### TRY IT
Report every line of the records below that contains the word "yellow".

[RECORDS SHOWN — start]

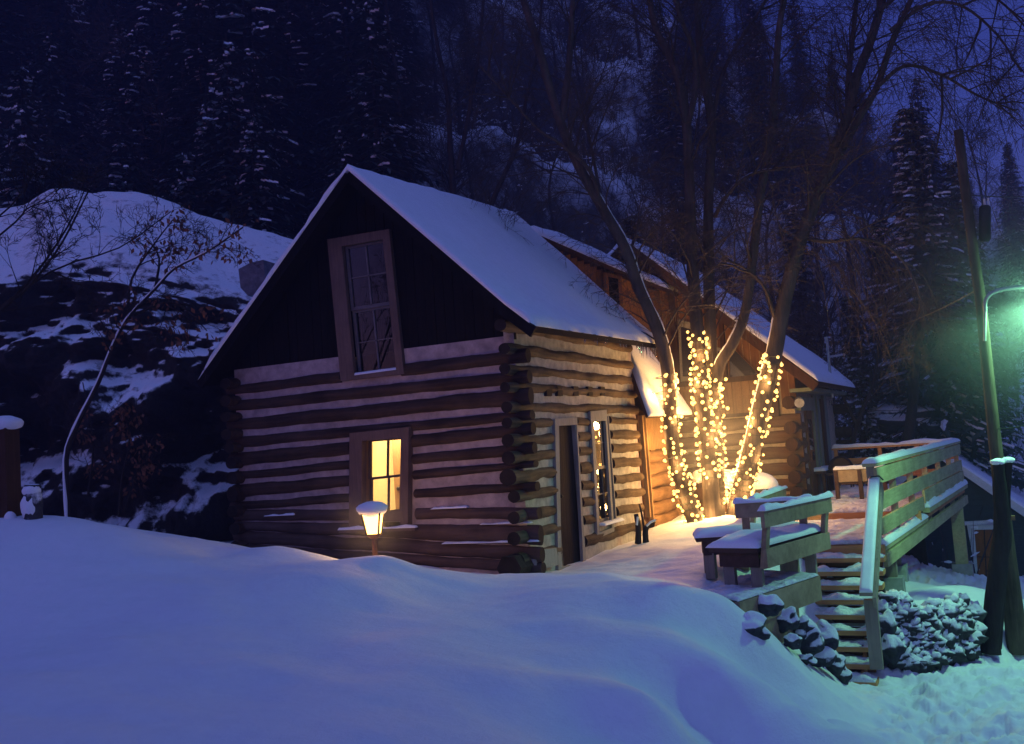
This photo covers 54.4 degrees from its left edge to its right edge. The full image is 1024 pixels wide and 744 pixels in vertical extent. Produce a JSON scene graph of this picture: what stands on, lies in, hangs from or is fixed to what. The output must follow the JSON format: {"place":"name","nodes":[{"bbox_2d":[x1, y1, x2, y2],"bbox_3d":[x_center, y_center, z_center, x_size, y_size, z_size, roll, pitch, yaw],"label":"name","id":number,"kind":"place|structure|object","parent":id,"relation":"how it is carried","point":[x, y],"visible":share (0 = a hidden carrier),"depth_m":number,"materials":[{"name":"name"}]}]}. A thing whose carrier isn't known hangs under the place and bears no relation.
{"place":"outdoors","nodes":[
{"label":"outdoors","id":0,"kind":"place"},
{"bbox_2d":[0,511,1023,743],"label":"snow ground","id":1,"kind":"structure","parent":0,"point":[112,634],"depth_m":8.85,"materials":[{"name":"snow"}]},
{"bbox_2d":[0,416,23,517],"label":"gate post","id":2,"kind":"object","parent":1,"relation":"on","point":[10,483],"visible":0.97,"depth_m":12.17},
{"bbox_2d":[20,484,42,519],"bbox_3d":[-5.780,1.672,12.003,0.249,0.651,0.233,-1,-5,-33],"label":"tree stump","id":3,"kind":"object","parent":1,"relation":"on","point":[31,505],"visible":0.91,"depth_m":11.93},
{"bbox_2d":[0,189,292,541],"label":"rock outcrop","id":4,"kind":"object","parent":1,"relation":"on","point":[50,362],"visible":0.43,"depth_m":19.98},
{"bbox_2d":[0,129,170,325],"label":"shrub","id":5,"kind":"object","parent":4,"relation":"on","point":[45,264],"visible":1,"depth_m":12.68,"materials":[{"name":"brown plant"}]},
{"bbox_2d":[52,382,176,516],"bbox_3d":[-6.982,1.340,17.730,2.686,2.445,1.435,-5,-4,13],"label":"bush","id":6,"kind":"object","parent":4,"relation":"on","point":[138,466],"visible":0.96,"depth_m":17.49,"materials":[{"name":"brown plant"}]},
{"bbox_2d":[238,260,274,296],"bbox_3d":[-5.061,-1.849,20.344,0.493,0.698,1.094,-5,-4,15],"label":"rock","id":7,"kind":"object","parent":4,"relation":"on","point":[252,277],"visible":0.39,"depth_m":19.90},
{"bbox_2d":[62,182,260,516],"bbox_3d":[-5.771,-0.303,16.162,3.706,5.282,1.775,-4,-4,5],"label":"tree","id":8,"kind":"object","parent":1,"relation":"on","point":[79,419],"visible":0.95,"depth_m":16.20,"materials":[{"name":"brown plant"}]},
{"bbox_2d":[356,501,387,555],"bbox_3d":[-1.761,2.229,12.750,0.407,1.152,0.418,-6,-5,26],"label":"lantern post","id":9,"kind":"object","parent":1,"relation":"on","point":[371,513],"visible":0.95,"depth_m":12.67,"materials":[{"name":"glass"}]},
{"bbox_2d":[196,164,656,573],"bbox_3d":[-1.047,0.140,17.643,6.127,7.172,6.197,-6,-5,26],"label":"log cabin","id":10,"kind":"object","parent":1,"relation":"on","point":[446,377],"visible":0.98,"depth_m":15.43,"materials":[{"name":"brown log wood"},{"name":"pale chinking"},{"name":"snow"}]},
{"bbox_2d":[327,229,404,380],"bbox_3d":[-2.229,-1.023,15.371,1.256,2.247,0.155,-6,-5,26],"label":"window frame","id":11,"kind":"structure","parent":10,"relation":"in","point":[336,250],"depth_m":15.41,"materials":[{"name":"grey paint"}]},
{"bbox_2d":[338,427,417,532],"bbox_3d":[-2.010,1.640,15.129,1.393,1.525,0.360,-6,-5,26],"label":"window frame","id":12,"kind":"structure","parent":10,"relation":"in","point":[361,479],"depth_m":15.13,"materials":[{"name":"brown paint"}]},
{"bbox_2d":[559,425,579,565],"bbox_3d":[0.866,1.989,15.485,0.097,2.400,0.782,-6,-5,26],"label":"door","id":13,"kind":"structure","parent":10,"relation":"in","point":[568,498],"depth_m":15.55,"materials":[{"name":"brown wood"}]},
{"bbox_2d":[531,225,678,361],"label":"board wing","id":14,"kind":"structure","parent":10,"relation":"attached to","point":[579,253],"depth_m":21.21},
{"bbox_2d":[588,410,623,535],"bbox_3d":[1.509,1.693,16.859,0.300,2.106,1.126,-6,-5,26],"label":"window frame","id":15,"kind":"structure","parent":10,"relation":"in","point":[599,428],"depth_m":16.92,"materials":[{"name":"grey paint"}]},
{"bbox_2d":[422,0,806,521],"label":"tree","id":16,"kind":"object","parent":1,"relation":"on","point":[586,177],"visible":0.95,"depth_m":18.60,"materials":[{"name":"brown plant"}]},
{"bbox_2d":[652,373,706,523],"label":"string lights","id":17,"kind":"object","parent":16,"relation":"attached to","point":[681,452],"visible":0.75,"depth_m":18.46,"materials":[{"name":"yellow"}]},
{"bbox_2d":[631,345,691,527],"bbox_3d":[2.821,1.337,19.798,1.917,3.975,3.866,-3,-4,-16],"label":"lean to","id":18,"kind":"object","parent":1,"relation":"on","point":[660,506],"visible":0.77,"depth_m":19.17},
{"bbox_2d":[559,0,895,517],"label":"tree","id":19,"kind":"object","parent":1,"relation":"on","point":[713,505],"visible":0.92,"depth_m":18.64,"materials":[{"name":"brown plant"}]},
{"bbox_2d":[686,330,724,479],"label":"string lights","id":20,"kind":"object","parent":19,"relation":"attached to","point":[702,401],"visible":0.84,"depth_m":18.61,"materials":[{"name":"yellow"}]},
{"bbox_2d":[607,238,854,496],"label":"log lodge","id":21,"kind":"structure","parent":1,"relation":"on","point":[800,440],"depth_m":22.96,"materials":[{"name":"brown wood"}]},
{"bbox_2d":[678,319,692,381],"bbox_3d":[4.157,-0.493,23.405,0.527,1.556,0.050,-6,-5,26],"label":"window frame","id":22,"kind":"structure","parent":21,"relation":"in","point":[684,350],"depth_m":23.45,"materials":[{"name":"brown wood"}]},
{"bbox_2d":[728,350,758,376],"bbox_3d":[5.316,-0.251,22.829,0.768,0.813,0.050,-6,-5,26],"label":"window frame","id":23,"kind":"structure","parent":21,"relation":"in","point":[737,365],"depth_m":22.89,"materials":[{"name":"brown"}]},
{"bbox_2d":[803,411,818,495],"bbox_3d":[7.093,1.916,23.616,0.055,2.000,0.800,-6,-5,26],"label":"side door","id":24,"kind":"structure","parent":21,"relation":"in","point":[807,414],"depth_m":23.48,"materials":[{"name":"brown"}]},
{"bbox_2d":[692,494,811,578],"bbox_3d":[2.995,2.026,12.400,1.452,0.984,0.674,-5,-4,7],"label":"bench","id":25,"kind":"object","parent":1,"relation":"on","point":[746,510],"visible":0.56,"depth_m":12.25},
{"bbox_2d":[742,611,770,639],"bbox_3d":[2.377,2.578,10.015,0.420,0.326,0.358,-6,-5,26],"label":"rock","id":26,"kind":"object","parent":1,"relation":"on","point":[753,624],"visible":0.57,"depth_m":9.91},
{"bbox_2d":[700,570,821,642],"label":"bench platform","id":27,"kind":"structure","parent":1,"relation":"on","point":[797,590],"depth_m":11.03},
{"bbox_2d":[706,491,833,587],"bbox_3d":[3.066,1.962,11.671,0.769,0.990,1.915,-8,-6,39],"label":"bench","id":28,"kind":"object","parent":27,"relation":"on","point":[781,538],"visible":1,"depth_m":11.17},
{"bbox_2d":[758,594,783,616],"bbox_3d":[2.706,2.458,10.488,0.276,0.245,0.253,-2,-5,-25],"label":"rock","id":29,"kind":"object","parent":1,"relation":"on","point":[772,605],"visible":0.98,"depth_m":10.42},
{"bbox_2d":[800,626,824,655],"bbox_3d":[3.289,2.971,11.042,0.320,0.401,0.288,-6,-5,26],"label":"rock","id":30,"kind":"object","parent":1,"relation":"on","point":[813,642],"visible":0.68,"depth_m":10.94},
{"bbox_2d":[621,0,1023,514],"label":"tree","id":31,"kind":"object","parent":1,"relation":"on","point":[780,313],"visible":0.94,"depth_m":18.36,"materials":[{"name":"brown plant"}]},
{"bbox_2d":[726,353,782,500],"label":"string lights","id":32,"kind":"object","parent":31,"relation":"attached to","point":[752,492],"visible":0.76,"depth_m":18.67,"materials":[{"name":"yellow"}]},
{"bbox_2d":[805,475,886,685],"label":"stairs","id":33,"kind":"structure","parent":1,"relation":"on","point":[865,565],"depth_m":12.99,"materials":[{"name":"wood"}]},
{"bbox_2d":[836,296,896,485],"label":"conifer","id":34,"kind":"object","parent":1,"relation":"on","point":[867,429],"visible":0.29,"depth_m":30.76,"materials":[{"name":"green plant"}]},
{"bbox_2d":[796,438,973,592],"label":"deck","id":35,"kind":"structure","parent":1,"relation":"on","point":[911,505],"depth_m":17.57,"materials":[{"name":"wood"},{"name":"snow"}]},
{"bbox_2d":[833,464,888,498],"bbox_3d":[7.059,2.230,20.083,1.011,0.746,0.480,-7,-5,30],"label":"deck bench","id":36,"kind":"object","parent":35,"relation":"on","point":[855,475],"visible":0.66,"depth_m":20.00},
{"bbox_2d":[851,211,928,484],"bbox_3d":[13.584,0.721,35.114,4.989,13.002,4.784,-6,-5,26],"label":"conifer","id":37,"kind":"object","parent":1,"relation":"on","point":[881,224],"visible":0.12,"depth_m":35.18,"materials":[{"name":"green plant"}]},
{"bbox_2d":[806,253,979,457],"bbox_3d":[9.582,-0.523,26.962,5.774,5.752,3.896,-6,-5,26],"label":"bare tree","id":38,"kind":"object","parent":1,"relation":"on","point":[857,422],"visible":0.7,"depth_m":26.96,"materials":[{"name":"brown plant"}]},
{"bbox_2d":[866,403,940,434],"bbox_3d":[12.054,1.454,31.148,2.472,1.035,2.386,-6,-5,26],"label":"boulder","id":39,"kind":"object","parent":1,"relation":"on","point":[886,421],"visible":0.45,"depth_m":30.35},
{"bbox_2d":[865,589,988,673],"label":"stone wall","id":40,"kind":"structure","parent":1,"relation":"on","point":[932,634],"depth_m":12.45,"materials":[{"name":"stone"}]},
{"bbox_2d":[881,634,906,664],"bbox_3d":[4.685,3.420,12.332,0.323,0.379,0.285,-2,-5,-25],"label":"rock","id":41,"kind":"object","parent":40,"relation":"on","point":[894,647],"visible":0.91,"depth_m":12.25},
{"bbox_2d":[831,228,1022,448],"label":"bare tree","id":42,"kind":"object","parent":1,"relation":"on","point":[908,432],"visible":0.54,"depth_m":27.86,"materials":[{"name":"brown plant"}]},
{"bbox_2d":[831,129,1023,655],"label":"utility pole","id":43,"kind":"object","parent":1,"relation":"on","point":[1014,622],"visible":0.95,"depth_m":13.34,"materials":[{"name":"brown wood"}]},
{"bbox_2d":[861,97,1023,491],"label":"conifer","id":44,"kind":"object","parent":1,"relation":"on","point":[944,418],"visible":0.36,"depth_m":30.75,"materials":[{"name":"green plant"}]},
{"bbox_2d":[888,448,1023,576],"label":"dark house","id":45,"kind":"structure","parent":1,"relation":"on","point":[978,491],"depth_m":27.11,"materials":[{"name":"wood"}]},
{"bbox_2d":[974,529,992,576],"bbox_3d":[12.845,4.946,27.002,0.508,1.355,0.052,-6,-5,26],"label":"door","id":46,"kind":"structure","parent":45,"relation":"in","point":[981,538],"depth_m":27.03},
{"bbox_2d":[923,285,1023,462],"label":"bare tree","id":47,"kind":"object","parent":1,"relation":"on","point":[976,411],"visible":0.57,"depth_m":29.90,"materials":[{"name":"brown plant"}]},
{"bbox_2d":[980,458,1011,655],"bbox_3d":[6.255,2.406,13.029,0.573,2.535,0.291,-6,-5,26],"label":"post","id":48,"kind":"object","parent":1,"relation":"on","point":[996,582],"visible":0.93,"depth_m":12.91,"materials":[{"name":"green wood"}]},
{"bbox_2d":[0,0,1023,490],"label":"hills","id":49,"kind":"structure","parent":0,"point":[544,178],"depth_m":52.06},
{"bbox_2d":[0,0,45,127],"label":"conifer","id":50,"kind":"object","parent":49,"relation":"on","point":[13,30],"visible":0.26,"depth_m":40.98,"materials":[{"name":"green plant"}]},
{"bbox_2d":[0,58,73,207],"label":"conifer","id":51,"kind":"object","parent":49,"relation":"on","point":[20,116],"visible":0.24,"depth_m":29.04,"materials":[{"name":"green plant"}]},
{"bbox_2d":[0,0,95,143],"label":"conifer","id":52,"kind":"object","parent":49,"relation":"on","point":[25,33],"visible":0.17,"depth_m":41.05,"materials":[{"name":"green plant"}]},
{"bbox_2d":[17,31,95,198],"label":"conifer","id":53,"kind":"object","parent":49,"relation":"on","point":[49,93],"visible":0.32,"depth_m":34.93,"materials":[{"name":"green plant"}]},
{"bbox_2d":[1,0,112,190],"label":"conifer","id":54,"kind":"object","parent":49,"relation":"on","point":[62,47],"visible":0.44,"depth_m":41.12,"materials":[{"name":"green plant"}]},
{"bbox_2d":[78,0,134,99],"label":"conifer","id":55,"kind":"object","parent":49,"relation":"on","point":[114,3],"visible":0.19,"depth_m":44.85,"materials":[{"name":"green plant"}]},
{"bbox_2d":[81,15,149,192],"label":"conifer","id":56,"kind":"object","parent":49,"relation":"on","point":[116,104],"visible":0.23,"depth_m":38.47,"materials":[{"name":"green plant"}]},
{"bbox_2d":[95,138,146,193],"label":"conifer","id":57,"kind":"object","parent":49,"relation":"on","point":[119,153],"visible":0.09,"depth_m":31.68,"materials":[{"name":"green plant"}]},
{"bbox_2d":[94,0,174,180],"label":"conifer","id":58,"kind":"object","parent":49,"relation":"on","point":[152,19],"visible":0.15,"depth_m":39.94,"materials":[{"name":"green plant"}]},
{"bbox_2d":[99,28,175,196],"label":"conifer","id":59,"kind":"object","parent":49,"relation":"on","point":[137,48],"visible":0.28,"depth_m":35.07,"materials":[{"name":"green plant"}]},
{"bbox_2d":[133,62,228,205],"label":"conifer","id":60,"kind":"object","parent":49,"relation":"on","point":[178,145],"visible":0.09,"depth_m":33.13,"materials":[{"name":"green plant"}]},
{"bbox_2d":[146,0,234,195],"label":"conifer","id":61,"kind":"object","parent":49,"relation":"on","point":[176,32],"visible":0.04,"depth_m":36.58,"materials":[{"name":"green plant"}]},
{"bbox_2d":[163,146,220,218],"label":"conifer","id":62,"kind":"object","parent":49,"relation":"on","point":[188,159],"visible":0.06,"depth_m":28.94,"materials":[{"name":"green plant"}]},
{"bbox_2d":[148,0,275,219],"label":"conifer","id":63,"kind":"object","parent":49,"relation":"on","point":[201,8],"visible":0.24,"depth_m":33.06,"materials":[{"name":"green plant"}]},
{"bbox_2d":[185,97,243,215],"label":"conifer","id":64,"kind":"object","parent":49,"relation":"on","point":[201,137],"visible":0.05,"depth_m":30.68,"materials":[{"name":"green plant"}]},
{"bbox_2d":[174,32,297,235],"bbox_3d":[-8.079,-3.201,28.888,5.370,13.826,5.238,-5,-4,6],"label":"conifer","id":65,"kind":"object","parent":49,"relation":"on","point":[228,58],"visible":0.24,"depth_m":29.24,"materials":[{"name":"green plant"}]},
{"bbox_2d":[173,0,325,237],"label":"conifer","id":66,"kind":"object","parent":49,"relation":"on","point":[241,36],"visible":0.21,"depth_m":34.20,"materials":[{"name":"green plant"}]},
{"bbox_2d":[212,104,295,238],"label":"conifer","id":67,"kind":"object","parent":49,"relation":"on","point":[255,174],"visible":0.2,"depth_m":28.92,"materials":[{"name":"green plant"}]},
{"bbox_2d":[225,41,300,235],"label":"conifer","id":68,"kind":"object","parent":49,"relation":"on","point":[252,61],"visible":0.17,"depth_m":30.79,"materials":[{"name":"green plant"}]},
{"bbox_2d":[259,0,338,237],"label":"conifer","id":69,"kind":"object","parent":49,"relation":"on","point":[292,46],"visible":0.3,"depth_m":36.99,"materials":[{"name":"green plant"}]},
{"bbox_2d":[317,120,360,196],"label":"conifer","id":70,"kind":"object","parent":49,"relation":"on","point":[339,135],"visible":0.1,"depth_m":30.51,"materials":[{"name":"green plant"}]},
{"bbox_2d":[290,0,423,220],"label":"conifer","id":71,"kind":"object","parent":49,"relation":"on","point":[339,30],"visible":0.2,"depth_m":36.10,"materials":[{"name":"green plant"}]},
{"bbox_2d":[326,90,402,185],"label":"conifer","id":72,"kind":"object","parent":49,"relation":"on","point":[359,125],"visible":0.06,"depth_m":31.87,"materials":[{"name":"green plant"}]},
{"bbox_2d":[324,0,447,183],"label":"conifer","id":73,"kind":"object","parent":49,"relation":"on","point":[381,146],"visible":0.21,"depth_m":30.46,"materials":[{"name":"green plant"}]},
{"bbox_2d":[360,0,433,129],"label":"conifer","id":74,"kind":"object","parent":49,"relation":"on","point":[404,31],"visible":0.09,"depth_m":42.11,"materials":[{"name":"green plant"}]},
{"bbox_2d":[362,14,442,187],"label":"conifer","id":75,"kind":"object","parent":49,"relation":"on","point":[418,106],"visible":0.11,"depth_m":37.02,"materials":[{"name":"green plant"}]},
{"bbox_2d":[403,0,483,121],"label":"bare tree","id":76,"kind":"object","parent":49,"relation":"on","point":[435,61],"visible":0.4,"depth_m":46.81,"materials":[{"name":"brown plant"}]},
{"bbox_2d":[406,0,496,134],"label":"bare tree","id":77,"kind":"object","parent":49,"relation":"on","point":[450,48],"visible":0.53,"depth_m":45.05,"materials":[{"name":"brown plant"}]},
{"bbox_2d":[384,0,525,194],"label":"bare tree","id":78,"kind":"object","parent":49,"relation":"on","point":[452,169],"visible":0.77,"depth_m":30.39,"materials":[{"name":"brown plant"}]},
{"bbox_2d":[404,110,513,194],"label":"bare tree","id":79,"kind":"object","parent":49,"relation":"on","point":[469,165],"visible":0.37,"depth_m":34.66,"materials":[{"name":"brown plant"}]},
{"bbox_2d":[399,153,535,222],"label":"bare tree","id":80,"kind":"object","parent":49,"relation":"on","point":[488,197],"visible":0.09,"depth_m":30.51,"materials":[{"name":"brown plant"}]},
{"bbox_2d":[415,64,522,199],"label":"bare tree","id":81,"kind":"object","parent":49,"relation":"on","point":[460,121],"visible":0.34,"depth_m":41.89,"materials":[{"name":"brown plant"}]},
{"bbox_2d":[398,109,545,227],"bbox_3d":[-1.765,-4.779,35.472,5.542,9.935,4.492,-2,-5,-21],"label":"bare tree","id":82,"kind":"object","parent":49,"relation":"on","point":[435,161],"visible":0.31,"depth_m":35.47,"materials":[{"name":"brown plant"}]},
{"bbox_2d":[431,0,552,132],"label":"bare tree","id":83,"kind":"object","parent":49,"relation":"on","point":[500,67],"visible":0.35,"depth_m":48.24,"materials":[{"name":"brown plant"}]},
{"bbox_2d":[0,0,1023,575],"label":"hillside brush","id":84,"kind":"object","parent":49,"relation":"on","point":[626,174],"visible":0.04,"depth_m":50.03,"materials":[{"name":"brown plant"}]},
{"bbox_2d":[488,0,592,205],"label":"bare tree","id":85,"kind":"object","parent":49,"relation":"on","point":[506,170],"visible":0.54,"depth_m":29.47,"materials":[{"name":"brown plant"}]},
{"bbox_2d":[477,83,609,246],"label":"bare tree","id":86,"kind":"object","parent":49,"relation":"on","point":[554,227],"visible":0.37,"depth_m":41.03,"materials":[{"name":"brown plant"}]},
{"bbox_2d":[525,0,646,163],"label":"bare tree","id":87,"kind":"object","parent":49,"relation":"on","point":[567,29],"visible":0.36,"depth_m":50.21,"materials":[{"name":"brown plant"}]},
{"bbox_2d":[584,165,680,256],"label":"bare tree","id":88,"kind":"object","parent":49,"relation":"on","point":[614,213],"visible":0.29,"depth_m":41.15,"materials":[{"name":"brown plant"}]},
{"bbox_2d":[637,4,702,177],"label":"conifer","id":89,"kind":"object","parent":49,"relation":"on","point":[656,107],"visible":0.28,"depth_m":51.77,"materials":[{"name":"green plant"}]},
{"bbox_2d":[646,44,704,191],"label":"conifer","id":90,"kind":"object","parent":49,"relation":"on","point":[670,130],"visible":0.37,"depth_m":50.30,"materials":[{"name":"green plant"}]},
{"bbox_2d":[624,133,758,294],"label":"bare tree","id":91,"kind":"object","parent":49,"relation":"on","point":[697,188],"visible":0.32,"depth_m":42.53,"materials":[{"name":"brown plant"}]},
{"bbox_2d":[698,34,749,193],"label":"conifer","id":92,"kind":"object","parent":49,"relation":"on","point":[720,101],"visible":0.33,"depth_m":53.17,"materials":[{"name":"green plant"}]},
{"bbox_2d":[696,127,824,320],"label":"bare tree","id":93,"kind":"object","parent":49,"relation":"on","point":[765,259],"visible":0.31,"depth_m":42.87,"materials":[{"name":"brown plant"}]},
{"bbox_2d":[683,222,837,354],"bbox_3d":[8.570,-0.727,37.445,6.371,10.298,5.163,-4,-4,-4],"label":"bare tree","id":94,"kind":"object","parent":49,"relation":"on","point":[758,273],"visible":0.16,"depth_m":37.54,"materials":[{"name":"brown plant"}]},
{"bbox_2d":[727,5,806,204],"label":"conifer","id":95,"kind":"object","parent":49,"relation":"on","point":[763,116],"visible":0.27,"depth_m":50.02,"materials":[{"name":"green plant"}]},
{"bbox_2d":[779,0,825,115],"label":"conifer","id":96,"kind":"object","parent":49,"relation":"on","point":[797,44],"visible":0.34,"depth_m":74.67,"materials":[{"name":"green plant"}]},
{"bbox_2d":[769,200,855,438],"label":"conifer","id":97,"kind":"object","parent":49,"relation":"on","point":[806,342],"visible":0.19,"depth_m":40.09,"materials":[{"name":"green plant"}]},
{"bbox_2d":[751,235,878,439],"bbox_3d":[11.382,0.999,36.372,5.114,11.679,6.310,-4,-4,-4],"label":"bare tree","id":98,"kind":"object","parent":49,"relation":"on","point":[822,312],"visible":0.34,"depth_m":36.57,"materials":[{"name":"brown plant"}]},
{"bbox_2d":[761,172,873,347],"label":"bare tree","id":99,"kind":"object","parent":49,"relation":"on","point":[816,260],"visible":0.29,"depth_m":43.72,"materials":[{"name":"brown plant"}]},
{"bbox_2d":[755,256,880,426],"bbox_3d":[12.134,0.197,38.680,5.512,9.286,4.467,-8,-6,42],"label":"bare tree","id":100,"kind":"object","parent":49,"relation":"on","point":[817,335],"visible":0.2,"depth_m":38.98,"materials":[{"name":"brown plant"}]},
{"bbox_2d":[794,141,894,298],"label":"bare tree","id":101,"kind":"object","parent":49,"relation":"on","point":[847,247],"visible":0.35,"depth_m":48.76,"materials":[{"name":"brown plant"}]},
{"bbox_2d":[822,154,903,290],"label":"bare tree","id":102,"kind":"object","parent":49,"relation":"on","point":[871,200],"visible":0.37,"depth_m":48.92,"materials":[{"name":"brown plant"}]},
{"bbox_2d":[891,77,955,232],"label":"conifer","id":103,"kind":"object","parent":49,"relation":"on","point":[927,123],"visible":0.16,"depth_m":65.21,"materials":[{"name":"green plant"}]},
{"bbox_2d":[937,104,1018,210],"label":"bare tree","id":104,"kind":"object","parent":49,"relation":"on","point":[979,181],"visible":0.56,"depth_m":76.11,"materials":[{"name":"brown plant"}]},
{"bbox_2d":[935,154,1023,488],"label":"conifer","id":105,"kind":"object","parent":49,"relation":"on","point":[955,201],"visible":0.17,"depth_m":33.00,"materials":[{"name":"green plant"}]},
{"bbox_2d":[987,166,1023,297],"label":"conifer","id":106,"kind":"object","parent":49,"relation":"on","point":[1011,222],"visible":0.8,"depth_m":68.98,"materials":[{"name":"green plant"}]},
{"bbox_2d":[598,0,1023,230],"label":"sky","id":107,"kind":"structure","parent":0,"point":[985,34],"materials":[{"name":"blue"}]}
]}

[RECORDS SHOWN — finish]

### RESULT FOR THIS EXERCISE
{"bbox_2d":[652,373,706,523],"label":"string lights","id":17,"kind":"object","parent":16,"relation":"attached to","point":[681,452],"visible":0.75,"depth_m":18.46,"materials":[{"name":"yellow"}]},
{"bbox_2d":[686,330,724,479],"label":"string lights","id":20,"kind":"object","parent":19,"relation":"attached to","point":[702,401],"visible":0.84,"depth_m":18.61,"materials":[{"name":"yellow"}]},
{"bbox_2d":[726,353,782,500],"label":"string lights","id":32,"kind":"object","parent":31,"relation":"attached to","point":[752,492],"visible":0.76,"depth_m":18.67,"materials":[{"name":"yellow"}]},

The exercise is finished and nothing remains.